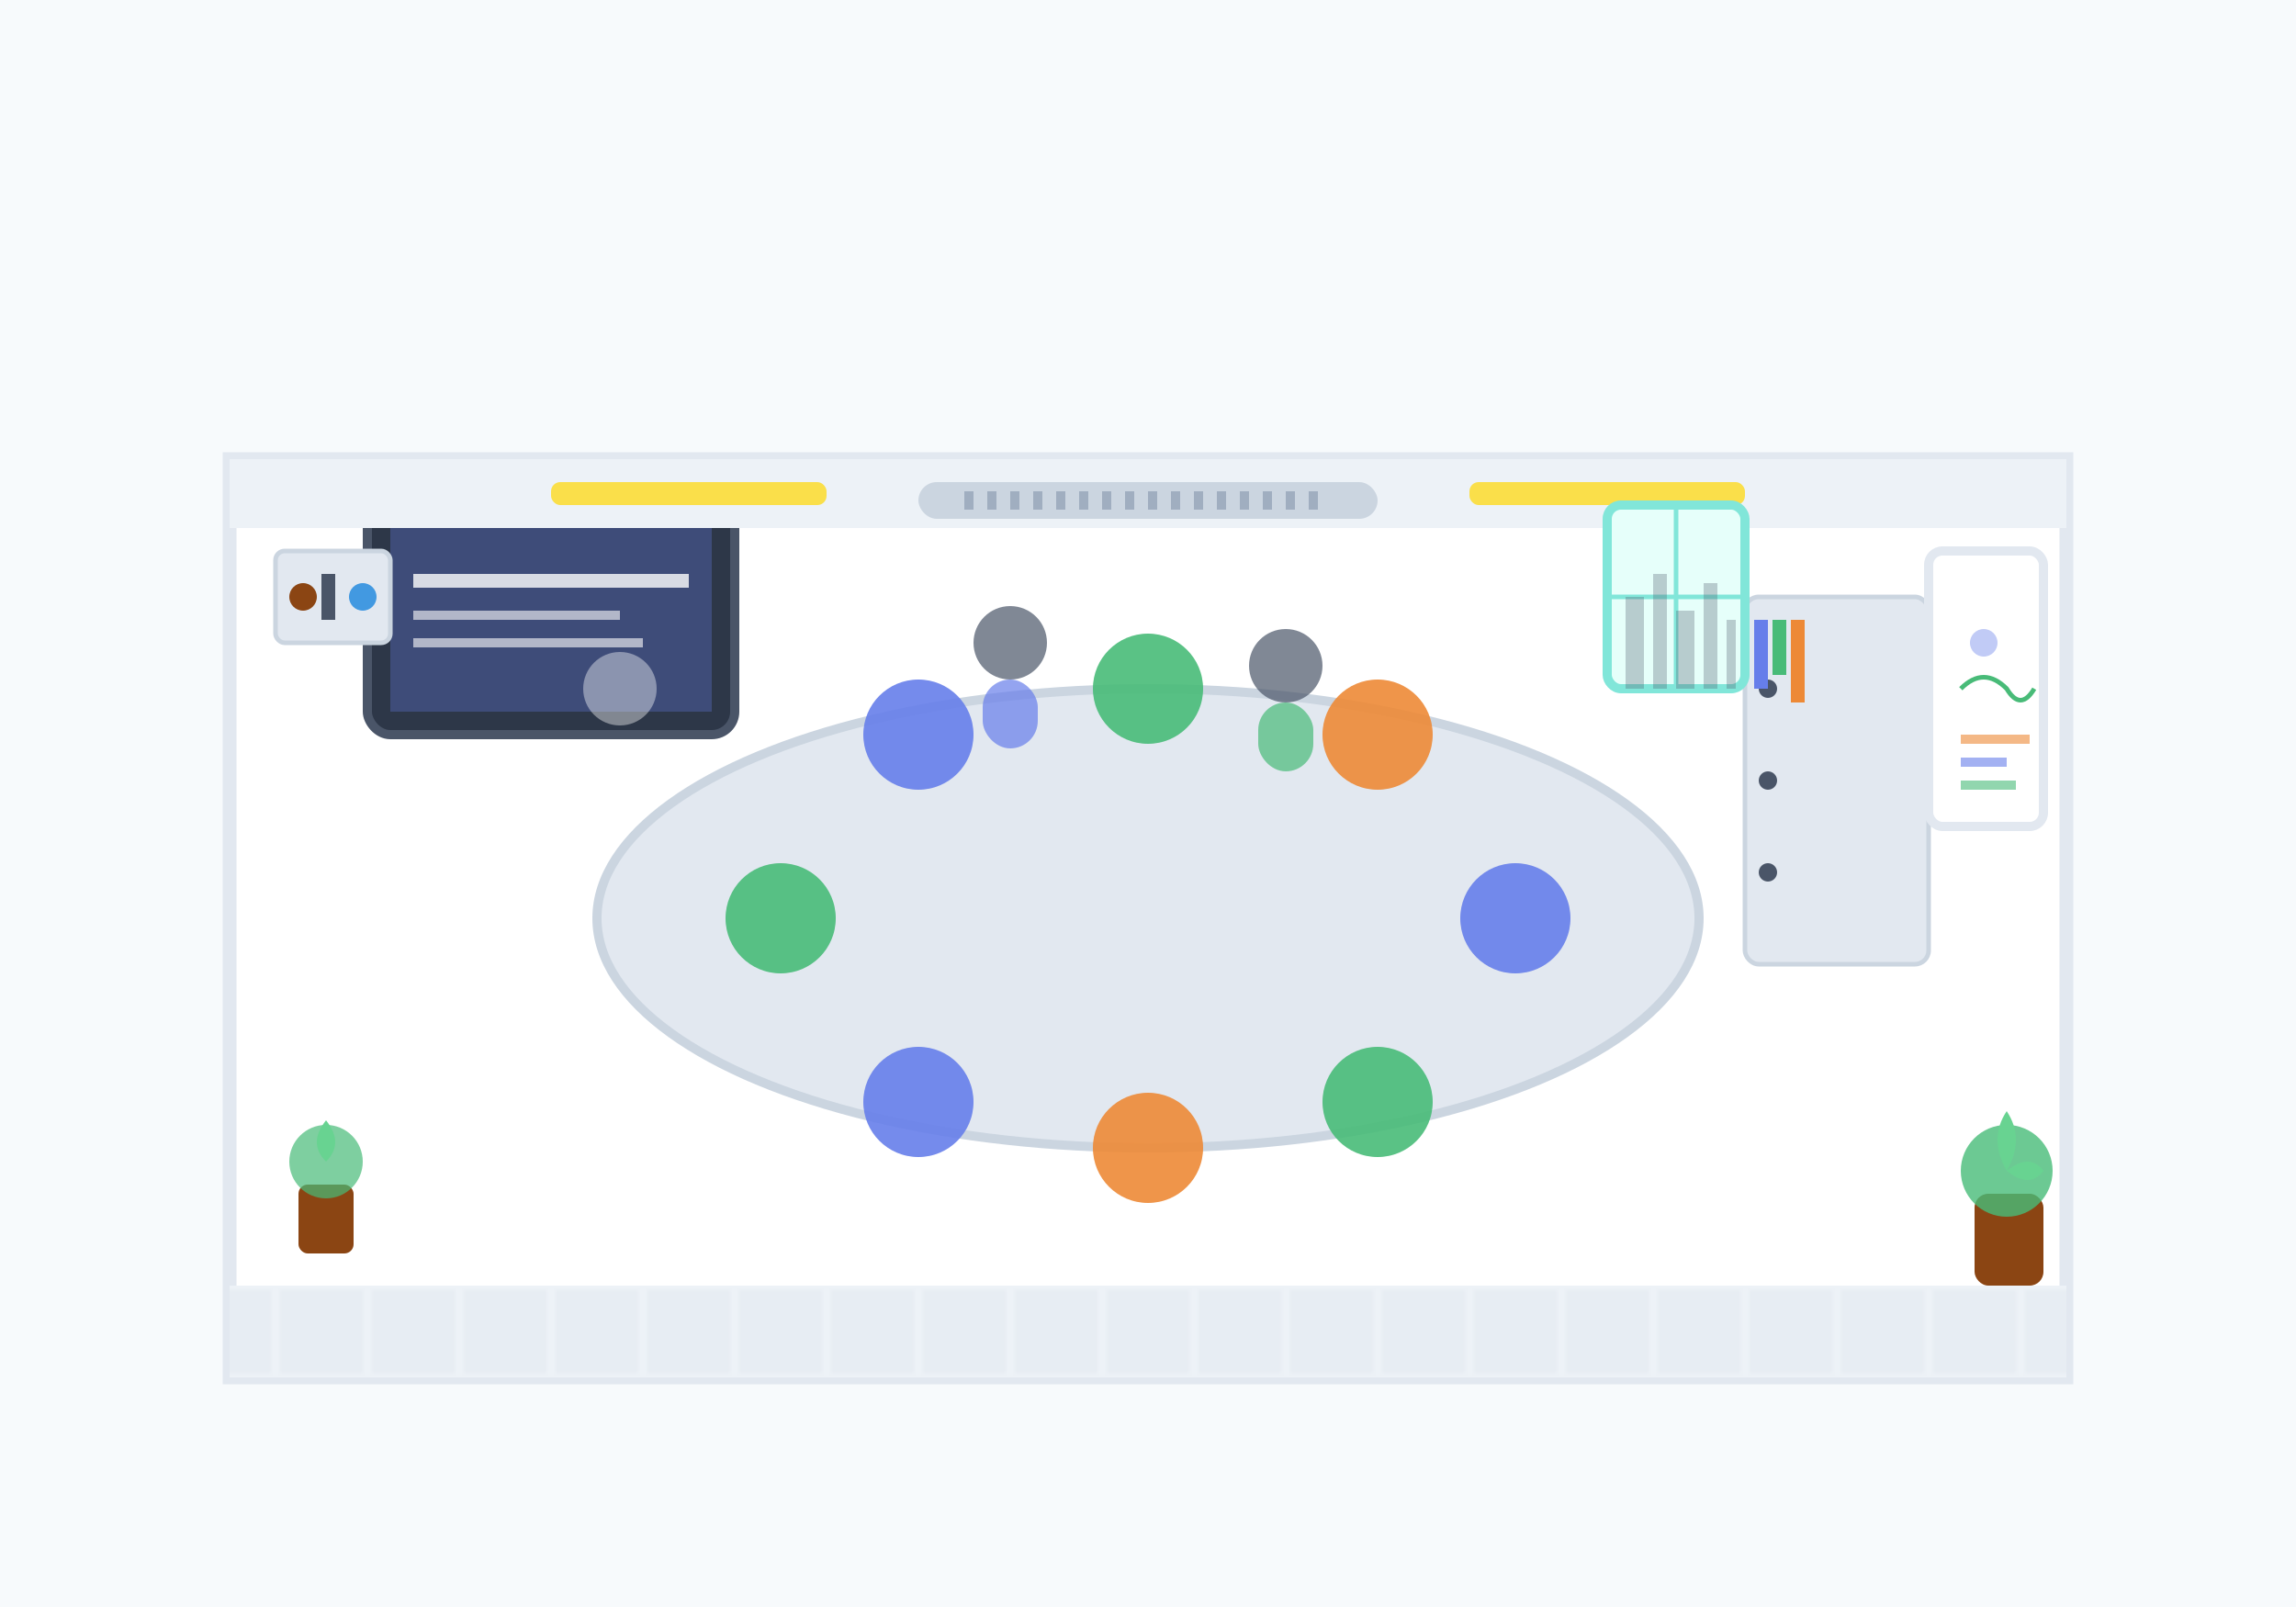 <svg width="500" height="350" viewBox="0 0 500 350" fill="none" xmlns="http://www.w3.org/2000/svg">
  <!-- Background -->
  <rect width="500" height="350" fill="#f7fafc"/>
  
  <!-- Meeting room -->
  <rect x="50" y="100" width="400" height="200" fill="#ffffff" stroke="#e2e8f0" stroke-width="3"/>
  
  <!-- Conference table -->
  <ellipse cx="250" cy="200" rx="120" ry="50" fill="#e2e8f0" stroke="#cbd5e0" stroke-width="2"/>
  
  <!-- Chairs around table -->
  <g opacity="0.9">
    <circle cx="200" cy="160" r="12" fill="#667eea"/>
    <circle cx="250" cy="150" r="12" fill="#48bb78"/>
    <circle cx="300" cy="160" r="12" fill="#ed8936"/>
    <circle cx="330" cy="200" r="12" fill="#667eea"/>
    <circle cx="300" cy="240" r="12" fill="#48bb78"/>
    <circle cx="250" cy="250" r="12" fill="#ed8936"/>
    <circle cx="200" cy="240" r="12" fill="#667eea"/>
    <circle cx="170" cy="200" r="12" fill="#48bb78"/>
  </g>
  
  <!-- Large screen/display -->
  <rect x="80" y="110" width="80" height="50" rx="5" fill="#2d3748" stroke="#4a5568" stroke-width="2"/>
  <rect x="85" y="115" width="70" height="40" fill="#667eea" opacity="0.3"/>
  
  <!-- Presentation content on screen -->
  <g transform="translate(90, 125)">
    <rect x="0" y="0" width="60" height="3" fill="#ffffff" opacity="0.8"/>
    <rect x="0" y="8" width="45" height="2" fill="#ffffff" opacity="0.6"/>
    <rect x="0" y="14" width="50" height="2" fill="#ffffff" opacity="0.6"/>
    <circle cx="45" cy="25" r="8" fill="#ffffff" opacity="0.4"/>
  </g>
  
  <!-- Ceiling with modern lighting -->
  <rect x="50" y="100" width="400" height="15" fill="#edf2f7"/>
  <rect x="120" y="105" width="60" height="5" rx="2" fill="#ffd700" opacity="0.7"/>
  <rect x="320" y="105" width="60" height="5" rx="2" fill="#ffd700" opacity="0.7"/>
  
  <!-- Floor pattern -->
  <rect x="50" y="280" width="400" height="20" fill="#edf2f7"/>
  <pattern id="floorPattern" x="0" y="0" width="20" height="20" patternUnits="userSpaceOnUse">
    <rect width="20" height="20" fill="#edf2f7"/>
    <rect width="18" height="18" x="1" y="1" fill="#e2e8f0"/>
  </pattern>
  <rect x="50" y="280" width="400" height="20" fill="url(#floorPattern)" opacity="0.5"/>
  
  <!-- Side cabinets/storage -->
  <rect x="380" y="130" width="40" height="80" rx="3" fill="#e2e8f0" stroke="#cbd5e0" stroke-width="1"/>
  <circle cx="385" cy="150" r="2" fill="#4a5568"/>
  <circle cx="385" cy="170" r="2" fill="#4a5568"/>
  <circle cx="385" cy="190" r="2" fill="#4a5568"/>
  
  <!-- Books/materials on cabinet -->
  <rect x="382" y="135" width="3" height="15" fill="#667eea"/>
  <rect x="386" y="135" width="3" height="12" fill="#48bb78"/>
  <rect x="390" y="135" width="3" height="18" fill="#ed8936"/>
  
  <!-- Wall art/whiteboard -->
  <rect x="420" y="120" width="25" height="60" rx="3" fill="#ffffff" stroke="#e2e8f0" stroke-width="2"/>
  <g transform="translate(425, 130)">
    <circle cx="7" cy="10" r="3" fill="#667eea" opacity="0.4"/>
    <path d="M2 20 Q7 15 12 20 Q15 25 18 20" stroke="#48bb78" stroke-width="1" fill="none"/>
    <rect x="2" y="30" width="15" height="2" fill="#ed8936" opacity="0.6"/>
    <rect x="2" y="35" width="10" height="2" fill="#667eea" opacity="0.6"/>
    <rect x="2" y="40" width="12" height="2" fill="#48bb78" opacity="0.6"/>
  </g>
  
  <!-- Coffee/water station -->
  <g transform="translate(60, 120)">
    <rect x="0" y="0" width="25" height="20" rx="2" fill="#e2e8f0" stroke="#cbd5e0" stroke-width="1"/>
    <circle cx="6" cy="10" r="3" fill="#8b4513"/>
    <circle cx="19" cy="10" r="3" fill="#4299e1"/>
    <rect x="10" y="5" width="3" height="10" fill="#4a5568"/>
  </g>
  
  <!-- Plants for ambiance -->
  <g transform="translate(430, 250)">
    <rect x="0" y="10" width="15" height="20" rx="3" fill="#8b4513"/>
    <circle cx="7" cy="5" r="10" fill="#48bb78" opacity="0.8"/>
    <path d="M7 5 Q3 -2 7 -8 Q11 -2 7 5" fill="#68d391"/>
    <path d="M7 5 Q12 1 15 5 Q12 9 7 5" fill="#68d391"/>
  </g>
  
  <g transform="translate(65, 250)">
    <rect x="0" y="8" width="12" height="15" rx="2" fill="#8b4513"/>
    <circle cx="6" cy="3" r="8" fill="#48bb78" opacity="0.7"/>
    <path d="M6 3 Q2 -1 6 -6 Q10 -1 6 3" fill="#68d391"/>
  </g>
  
  <!-- People in meeting -->
  <g transform="translate(220, 140)" opacity="0.7">
    <circle cx="0" cy="0" r="8" fill="#4a5568"/>
    <rect x="-6" y="8" width="12" height="15" rx="6" fill="#667eea"/>
  </g>
  
  <g transform="translate(280, 145)" opacity="0.7">
    <circle cx="0" cy="0" r="8" fill="#4a5568"/>
    <rect x="-6" y="8" width="12" height="15" rx="6" fill="#48bb78"/>
  </g>
  
  <!-- Window with city view -->
  <rect x="350" y="110" width="30" height="40" rx="3" fill="#e6fffa" stroke="#81e6d9" stroke-width="2"/>
  <line x1="365" y1="110" x2="365" y2="150" stroke="#81e6d9" stroke-width="1"/>
  <line x1="350" y1="130" x2="380" y2="130" stroke="#81e6d9" stroke-width="1"/>
  
  <!-- City silhouette through window -->
  <g opacity="0.3" transform="translate(352, 115)">
    <rect x="2" y="15" width="4" height="20" fill="#4a5568"/>
    <rect x="8" y="10" width="3" height="25" fill="#4a5568"/>
    <rect x="13" y="18" width="4" height="17" fill="#4a5568"/>
    <rect x="19" y="12" width="3" height="23" fill="#4a5568"/>
    <rect x="24" y="20" width="2" height="15" fill="#4a5568"/>
  </g>
  
  <!-- Air conditioning vent -->
  <rect x="200" y="105" width="100" height="8" rx="4" fill="#cbd5e0"/>
  <g transform="translate(210, 107)">
    <rect x="0" y="0" width="2" height="4" fill="#a0aec0"/>
    <rect x="5" y="0" width="2" height="4" fill="#a0aec0"/>
    <rect x="10" y="0" width="2" height="4" fill="#a0aec0"/>
    <rect x="15" y="0" width="2" height="4" fill="#a0aec0"/>
    <rect x="20" y="0" width="2" height="4" fill="#a0aec0"/>
    <rect x="25" y="0" width="2" height="4" fill="#a0aec0"/>
    <rect x="30" y="0" width="2" height="4" fill="#a0aec0"/>
    <rect x="35" y="0" width="2" height="4" fill="#a0aec0"/>
    <rect x="40" y="0" width="2" height="4" fill="#a0aec0"/>
    <rect x="45" y="0" width="2" height="4" fill="#a0aec0"/>
    <rect x="50" y="0" width="2" height="4" fill="#a0aec0"/>
    <rect x="55" y="0" width="2" height="4" fill="#a0aec0"/>
    <rect x="60" y="0" width="2" height="4" fill="#a0aec0"/>
    <rect x="65" y="0" width="2" height="4" fill="#a0aec0"/>
    <rect x="70" y="0" width="2" height="4" fill="#a0aec0"/>
    <rect x="75" y="0" width="2" height="4" fill="#a0aec0"/>
  </g>
</svg>

_ _ _

### TRY IT
Please output each line above exactly and omit all images.

### OUTPUT BELOW
 <svg width="500" height="350" viewBox="0 0 500 350" fill="none" xmlns="http://www.w3.org/2000/svg">
  <!-- Background -->
  <rect width="500" height="350" fill="#f7fafc"/>
  
  <!-- Meeting room -->
  <rect x="50" y="100" width="400" height="200" fill="#ffffff" stroke="#e2e8f0" stroke-width="3"/>
  
  <!-- Conference table -->
  <ellipse cx="250" cy="200" rx="120" ry="50" fill="#e2e8f0" stroke="#cbd5e0" stroke-width="2"/>
  
  <!-- Chairs around table -->
  <g opacity="0.9">
    <circle cx="200" cy="160" r="12" fill="#667eea"/>
    <circle cx="250" cy="150" r="12" fill="#48bb78"/>
    <circle cx="300" cy="160" r="12" fill="#ed8936"/>
    <circle cx="330" cy="200" r="12" fill="#667eea"/>
    <circle cx="300" cy="240" r="12" fill="#48bb78"/>
    <circle cx="250" cy="250" r="12" fill="#ed8936"/>
    <circle cx="200" cy="240" r="12" fill="#667eea"/>
    <circle cx="170" cy="200" r="12" fill="#48bb78"/>
  </g>
  
  <!-- Large screen/display -->
  <rect x="80" y="110" width="80" height="50" rx="5" fill="#2d3748" stroke="#4a5568" stroke-width="2"/>
  <rect x="85" y="115" width="70" height="40" fill="#667eea" opacity="0.3"/>
  
  <!-- Presentation content on screen -->
  <g transform="translate(90, 125)">
    <rect x="0" y="0" width="60" height="3" fill="#ffffff" opacity="0.8"/>
    <rect x="0" y="8" width="45" height="2" fill="#ffffff" opacity="0.6"/>
    <rect x="0" y="14" width="50" height="2" fill="#ffffff" opacity="0.6"/>
    <circle cx="45" cy="25" r="8" fill="#ffffff" opacity="0.4"/>
  </g>
  
  <!-- Ceiling with modern lighting -->
  <rect x="50" y="100" width="400" height="15" fill="#edf2f7"/>
  <rect x="120" y="105" width="60" height="5" rx="2" fill="#ffd700" opacity="0.7"/>
  <rect x="320" y="105" width="60" height="5" rx="2" fill="#ffd700" opacity="0.7"/>
  
  <!-- Floor pattern -->
  <rect x="50" y="280" width="400" height="20" fill="#edf2f7"/>
  <pattern id="floorPattern" x="0" y="0" width="20" height="20" patternUnits="userSpaceOnUse">
    <rect width="20" height="20" fill="#edf2f7"/>
    <rect width="18" height="18" x="1" y="1" fill="#e2e8f0"/>
  </pattern>
  <rect x="50" y="280" width="400" height="20" fill="url(#floorPattern)" opacity="0.5"/>
  
  <!-- Side cabinets/storage -->
  <rect x="380" y="130" width="40" height="80" rx="3" fill="#e2e8f0" stroke="#cbd5e0" stroke-width="1"/>
  <circle cx="385" cy="150" r="2" fill="#4a5568"/>
  <circle cx="385" cy="170" r="2" fill="#4a5568"/>
  <circle cx="385" cy="190" r="2" fill="#4a5568"/>
  
  <!-- Books/materials on cabinet -->
  <rect x="382" y="135" width="3" height="15" fill="#667eea"/>
  <rect x="386" y="135" width="3" height="12" fill="#48bb78"/>
  <rect x="390" y="135" width="3" height="18" fill="#ed8936"/>
  
  <!-- Wall art/whiteboard -->
  <rect x="420" y="120" width="25" height="60" rx="3" fill="#ffffff" stroke="#e2e8f0" stroke-width="2"/>
  <g transform="translate(425, 130)">
    <circle cx="7" cy="10" r="3" fill="#667eea" opacity="0.4"/>
    <path d="M2 20 Q7 15 12 20 Q15 25 18 20" stroke="#48bb78" stroke-width="1" fill="none"/>
    <rect x="2" y="30" width="15" height="2" fill="#ed8936" opacity="0.6"/>
    <rect x="2" y="35" width="10" height="2" fill="#667eea" opacity="0.6"/>
    <rect x="2" y="40" width="12" height="2" fill="#48bb78" opacity="0.6"/>
  </g>
  
  <!-- Coffee/water station -->
  <g transform="translate(60, 120)">
    <rect x="0" y="0" width="25" height="20" rx="2" fill="#e2e8f0" stroke="#cbd5e0" stroke-width="1"/>
    <circle cx="6" cy="10" r="3" fill="#8b4513"/>
    <circle cx="19" cy="10" r="3" fill="#4299e1"/>
    <rect x="10" y="5" width="3" height="10" fill="#4a5568"/>
  </g>
  
  <!-- Plants for ambiance -->
  <g transform="translate(430, 250)">
    <rect x="0" y="10" width="15" height="20" rx="3" fill="#8b4513"/>
    <circle cx="7" cy="5" r="10" fill="#48bb78" opacity="0.8"/>
    <path d="M7 5 Q3 -2 7 -8 Q11 -2 7 5" fill="#68d391"/>
    <path d="M7 5 Q12 1 15 5 Q12 9 7 5" fill="#68d391"/>
  </g>
  
  <g transform="translate(65, 250)">
    <rect x="0" y="8" width="12" height="15" rx="2" fill="#8b4513"/>
    <circle cx="6" cy="3" r="8" fill="#48bb78" opacity="0.7"/>
    <path d="M6 3 Q2 -1 6 -6 Q10 -1 6 3" fill="#68d391"/>
  </g>
  
  <!-- People in meeting -->
  <g transform="translate(220, 140)" opacity="0.7">
    <circle cx="0" cy="0" r="8" fill="#4a5568"/>
    <rect x="-6" y="8" width="12" height="15" rx="6" fill="#667eea"/>
  </g>
  
  <g transform="translate(280, 145)" opacity="0.7">
    <circle cx="0" cy="0" r="8" fill="#4a5568"/>
    <rect x="-6" y="8" width="12" height="15" rx="6" fill="#48bb78"/>
  </g>
  
  <!-- Window with city view -->
  <rect x="350" y="110" width="30" height="40" rx="3" fill="#e6fffa" stroke="#81e6d9" stroke-width="2"/>
  <line x1="365" y1="110" x2="365" y2="150" stroke="#81e6d9" stroke-width="1"/>
  <line x1="350" y1="130" x2="380" y2="130" stroke="#81e6d9" stroke-width="1"/>
  
  <!-- City silhouette through window -->
  <g opacity="0.3" transform="translate(352, 115)">
    <rect x="2" y="15" width="4" height="20" fill="#4a5568"/>
    <rect x="8" y="10" width="3" height="25" fill="#4a5568"/>
    <rect x="13" y="18" width="4" height="17" fill="#4a5568"/>
    <rect x="19" y="12" width="3" height="23" fill="#4a5568"/>
    <rect x="24" y="20" width="2" height="15" fill="#4a5568"/>
  </g>
  
  <!-- Air conditioning vent -->
  <rect x="200" y="105" width="100" height="8" rx="4" fill="#cbd5e0"/>
  <g transform="translate(210, 107)">
    <rect x="0" y="0" width="2" height="4" fill="#a0aec0"/>
    <rect x="5" y="0" width="2" height="4" fill="#a0aec0"/>
    <rect x="10" y="0" width="2" height="4" fill="#a0aec0"/>
    <rect x="15" y="0" width="2" height="4" fill="#a0aec0"/>
    <rect x="20" y="0" width="2" height="4" fill="#a0aec0"/>
    <rect x="25" y="0" width="2" height="4" fill="#a0aec0"/>
    <rect x="30" y="0" width="2" height="4" fill="#a0aec0"/>
    <rect x="35" y="0" width="2" height="4" fill="#a0aec0"/>
    <rect x="40" y="0" width="2" height="4" fill="#a0aec0"/>
    <rect x="45" y="0" width="2" height="4" fill="#a0aec0"/>
    <rect x="50" y="0" width="2" height="4" fill="#a0aec0"/>
    <rect x="55" y="0" width="2" height="4" fill="#a0aec0"/>
    <rect x="60" y="0" width="2" height="4" fill="#a0aec0"/>
    <rect x="65" y="0" width="2" height="4" fill="#a0aec0"/>
    <rect x="70" y="0" width="2" height="4" fill="#a0aec0"/>
    <rect x="75" y="0" width="2" height="4" fill="#a0aec0"/>
  </g>
</svg>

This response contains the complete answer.